Brian Scott: Yeah. So our company's fairly large — dealing with 30,000-plus employees, all working across many different verticals and pushing technology forward. Again, as Dan stated, we've been around for about 41 years, really pushing the industry. In FY23, pulling in about $19.41 billion in revenue. And really trying to align our company and ourselves towards pushing that technology forward — roughly 8,000-plus patents and growing — and always trying to give back to the community.

Daniel Neff: So more about us. Brian and I are coworkers at Adobe. Adobe has vertical business units aligned with customer demand around creative, document, and analytics work. We're part of the cross-functional teams focused on things like finance, security, legal, and in our case technical architecture. We come from a strong operations background going back many years. For those of you that do remember Friendster and MySpace — you're welcome. Or we're sorry, depending.

Brian, you want to talk a little bit about our current role?

Brian Scott: Yeah, sure. We currently lead technology onboarding within what we call the dev and engineering category, as well as open source. This allows us to maintain a portfolio of dev and engineering tools across the enterprise that teams can leverage, but also nurture and foster a great open source community for those folks that either want to use open source internally and/or contribute to open source externally.

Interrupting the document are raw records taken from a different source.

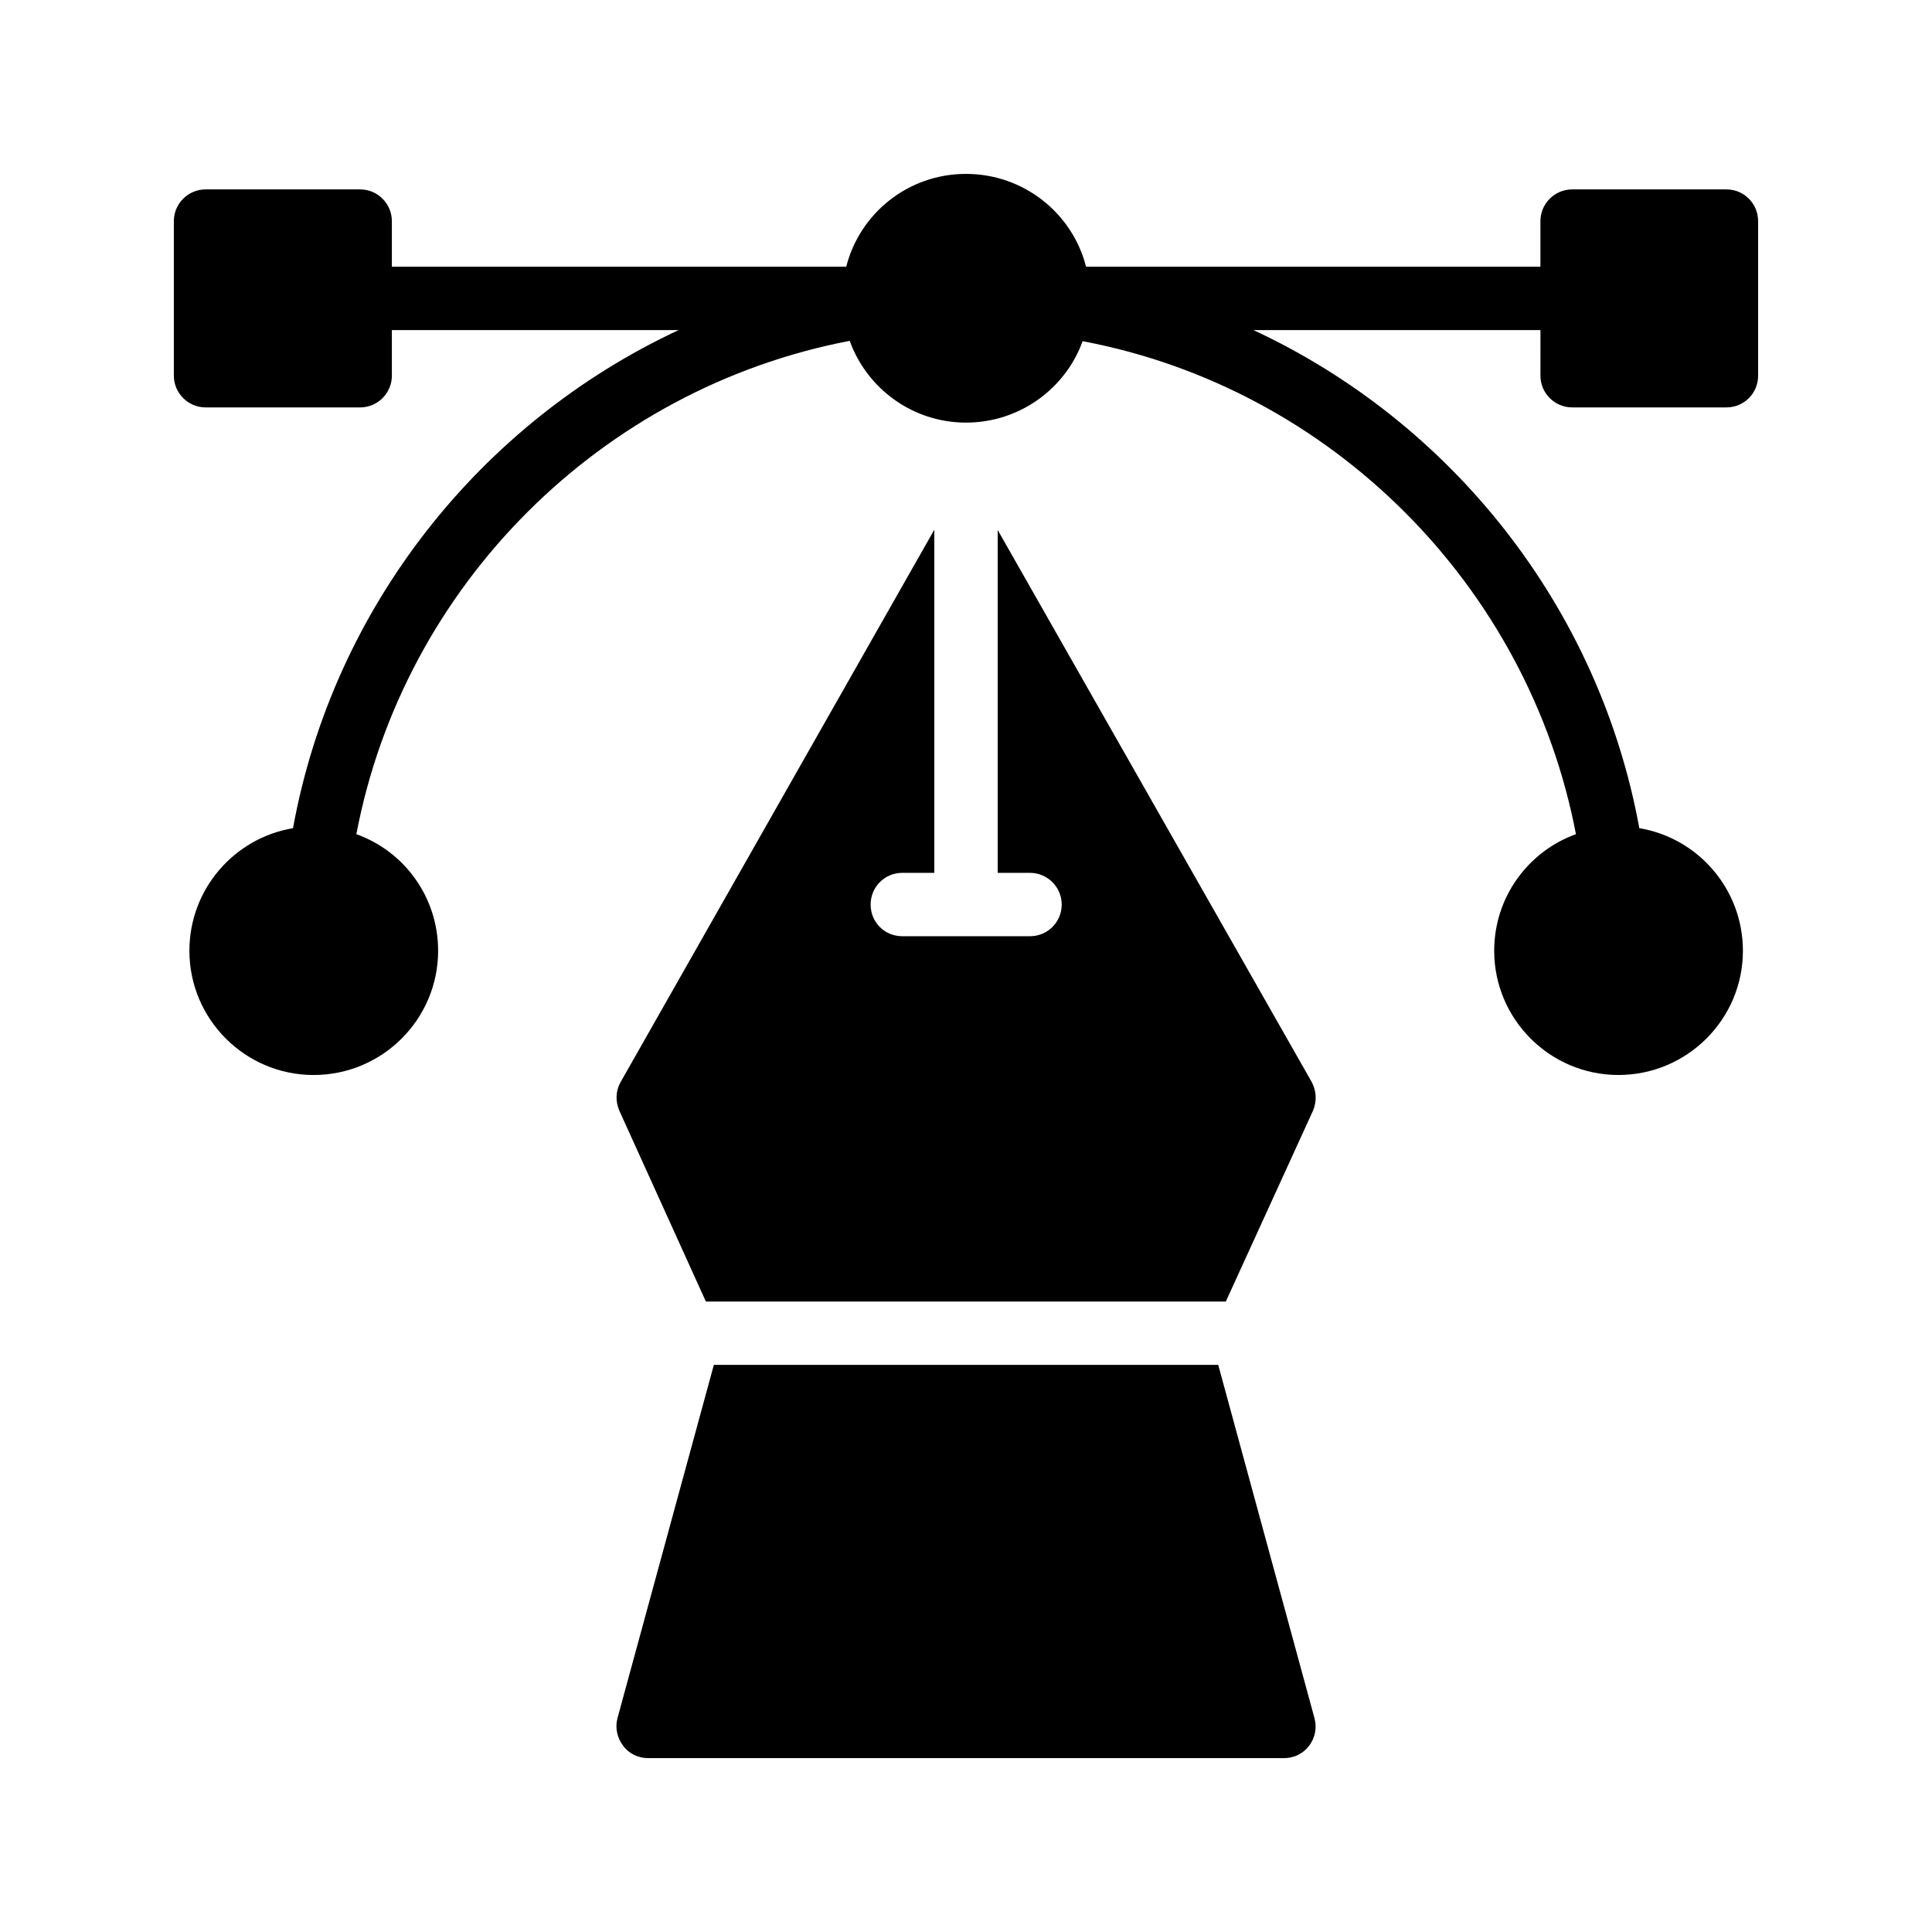 <?xml version="1.0" encoding="UTF-8"?>
<!-- Uploaded to: ICON Repo, www.svgrepo.com, Generator: ICON Repo Mixer Tools -->
<svg fill="#000000" width="800px" height="800px" version="1.1" viewBox="144 144 512 512" xmlns="http://www.w3.org/2000/svg">
 <g>
  <path d="m466.84 505.7h-133.66l-25.547 93.645c-0.672 2.519-0.082 5.207 1.512 7.305 1.512 2.098 4.031 3.273 6.633 3.273h168.52c2.602 0 5.039-1.176 6.633-3.273 1.594-2.098 2.098-4.785 1.426-7.305z"/>
  <path d="m609.92 202.59v40.977c0 4.617-3.695 8.398-8.398 8.398h-40.891c-4.617 0-8.398-3.777-8.398-8.398l0.004-12.094h-76.074c52.562 24.434 91.609 73.473 102.27 132 15.617 2.602 27.457 16.207 27.457 32.496 0 18.137-14.777 32.914-33 32.914-18.137 0-32.914-14.777-32.914-32.914 0-14.273 9.066-26.367 21.664-30.902-12.594-65.914-64.906-118.23-130.74-130.65-4.535 12.594-16.711 21.578-30.902 21.578s-26.281-9.066-30.816-21.664c-65.914 12.594-118.23 64.824-130.74 130.74 12.68 4.535 21.664 16.625 21.664 30.902 0 18.137-14.777 32.914-33 32.914-18.137 0-32.914-14.777-32.914-32.914 0-16.375 11.922-29.895 27.457-32.496 10.664-58.527 49.625-107.48 102.19-132h-75.992v12.094c0 4.617-3.777 8.398-8.398 8.398l-40.977-0.004c-4.617 0-8.398-3.777-8.398-8.398v-40.973c0-4.617 3.777-8.398 8.398-8.398h40.977c4.617 0 8.398 3.777 8.398 8.398v12.09h120.41c3.609-14.191 16.453-24.602 31.738-24.602 15.281 0 28.215 10.41 31.824 24.602h120.41v-12.09c0-4.617 3.777-8.398 8.398-8.398h40.891c4.699 0 8.395 3.777 8.395 8.398z"/>
  <path d="m491.61 430.73c1.258 2.352 1.426 5.121 0.336 7.641l-23.09 50.547-137.79 0.004-22.922-50.547c-1.09-2.519-1.008-5.293 0.336-7.641l83.125-146.36v90.938h-8.48c-4.703 0-8.398 3.777-8.398 8.398 0 4.703 3.695 8.398 8.398 8.398h33.84c4.617 0 8.398-3.695 8.398-8.398 0-4.617-3.777-8.398-8.398-8.398h-8.566v-90.855z"/>
 </g>
</svg>

And with that, really trying to again improve the onboarding experience across not only all verticals, but ensure that finance, legal, and security have ownership over some of those existing responsibilities.

For the past year, we've been asked to focus very heavily on generative AI intake. How do we get generative AI technology adopted across the company, regardless of the business unit, regardless of the role? So that's everybody from someone in finance that wants to use AI to generate summary content, to integrating cutting-edge technology from third-party vendors into our marquee products.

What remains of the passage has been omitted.